## THE PROBLEM
Look below for lines that hold the string "task" and copy each one.

## INFORMATION GIVEN
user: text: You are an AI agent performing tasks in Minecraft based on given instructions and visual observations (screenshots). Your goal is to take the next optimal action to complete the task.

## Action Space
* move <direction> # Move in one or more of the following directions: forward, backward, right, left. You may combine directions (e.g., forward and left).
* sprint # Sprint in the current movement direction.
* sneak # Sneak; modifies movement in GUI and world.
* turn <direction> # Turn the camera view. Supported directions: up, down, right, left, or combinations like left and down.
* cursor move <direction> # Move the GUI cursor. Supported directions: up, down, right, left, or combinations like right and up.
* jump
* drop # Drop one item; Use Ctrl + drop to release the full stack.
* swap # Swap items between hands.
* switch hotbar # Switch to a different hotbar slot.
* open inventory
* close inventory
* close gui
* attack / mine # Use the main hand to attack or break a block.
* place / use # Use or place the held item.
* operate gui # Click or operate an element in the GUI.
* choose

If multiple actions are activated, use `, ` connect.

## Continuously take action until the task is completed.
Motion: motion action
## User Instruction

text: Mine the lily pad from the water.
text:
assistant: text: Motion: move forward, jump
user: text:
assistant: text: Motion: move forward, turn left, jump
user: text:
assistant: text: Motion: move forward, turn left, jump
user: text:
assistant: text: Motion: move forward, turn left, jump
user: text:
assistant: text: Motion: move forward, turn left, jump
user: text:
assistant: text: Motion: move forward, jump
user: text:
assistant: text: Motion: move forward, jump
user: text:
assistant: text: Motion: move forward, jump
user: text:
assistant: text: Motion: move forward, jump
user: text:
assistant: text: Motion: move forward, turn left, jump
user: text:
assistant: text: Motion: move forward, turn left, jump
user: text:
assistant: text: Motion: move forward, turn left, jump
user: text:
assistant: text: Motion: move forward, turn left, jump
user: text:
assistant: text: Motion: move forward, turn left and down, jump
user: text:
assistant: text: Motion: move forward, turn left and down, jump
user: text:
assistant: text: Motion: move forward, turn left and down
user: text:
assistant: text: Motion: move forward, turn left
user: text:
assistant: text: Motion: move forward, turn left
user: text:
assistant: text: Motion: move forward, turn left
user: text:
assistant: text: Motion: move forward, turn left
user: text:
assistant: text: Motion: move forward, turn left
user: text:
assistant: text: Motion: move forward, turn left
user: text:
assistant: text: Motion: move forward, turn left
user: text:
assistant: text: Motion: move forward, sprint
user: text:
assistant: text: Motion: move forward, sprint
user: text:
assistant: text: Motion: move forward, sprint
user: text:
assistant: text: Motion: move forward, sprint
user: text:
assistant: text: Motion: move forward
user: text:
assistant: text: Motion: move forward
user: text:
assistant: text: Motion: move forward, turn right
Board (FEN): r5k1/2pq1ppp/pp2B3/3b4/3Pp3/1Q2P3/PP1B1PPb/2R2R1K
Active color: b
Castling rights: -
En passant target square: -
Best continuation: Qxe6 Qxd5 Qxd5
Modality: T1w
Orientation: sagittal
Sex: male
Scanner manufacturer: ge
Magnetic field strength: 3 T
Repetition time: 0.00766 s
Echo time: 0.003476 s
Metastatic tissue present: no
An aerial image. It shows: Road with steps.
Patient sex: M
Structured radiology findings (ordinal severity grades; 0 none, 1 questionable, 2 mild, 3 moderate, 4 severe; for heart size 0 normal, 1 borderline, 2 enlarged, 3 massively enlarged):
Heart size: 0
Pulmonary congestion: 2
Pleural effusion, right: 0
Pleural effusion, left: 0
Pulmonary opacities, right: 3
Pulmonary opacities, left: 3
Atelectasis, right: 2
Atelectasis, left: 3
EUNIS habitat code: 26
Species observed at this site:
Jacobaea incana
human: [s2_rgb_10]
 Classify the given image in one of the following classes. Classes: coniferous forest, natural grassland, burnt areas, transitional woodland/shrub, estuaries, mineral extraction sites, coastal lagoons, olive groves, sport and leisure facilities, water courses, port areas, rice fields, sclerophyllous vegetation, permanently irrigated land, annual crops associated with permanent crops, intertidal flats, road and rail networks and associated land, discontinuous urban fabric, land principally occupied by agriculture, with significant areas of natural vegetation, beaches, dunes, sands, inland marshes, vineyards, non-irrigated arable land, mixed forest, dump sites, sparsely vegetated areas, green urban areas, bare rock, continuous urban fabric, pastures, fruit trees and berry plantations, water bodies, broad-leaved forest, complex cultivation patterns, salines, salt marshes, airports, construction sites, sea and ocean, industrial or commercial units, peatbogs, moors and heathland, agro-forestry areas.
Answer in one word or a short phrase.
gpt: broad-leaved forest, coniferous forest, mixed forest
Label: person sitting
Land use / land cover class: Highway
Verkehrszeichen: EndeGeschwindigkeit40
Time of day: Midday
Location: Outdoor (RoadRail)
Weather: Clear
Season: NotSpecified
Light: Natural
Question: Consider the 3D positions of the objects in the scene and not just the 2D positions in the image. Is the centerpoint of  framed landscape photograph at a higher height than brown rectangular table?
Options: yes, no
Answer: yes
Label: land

## ANSWER SPACE
user: text: You are an AI agent performing tasks in Minecraft based on given instructions and visual observations (screenshots). Your goal is to take the next optimal action to complete the task.
## Continuously take action until the task is completed.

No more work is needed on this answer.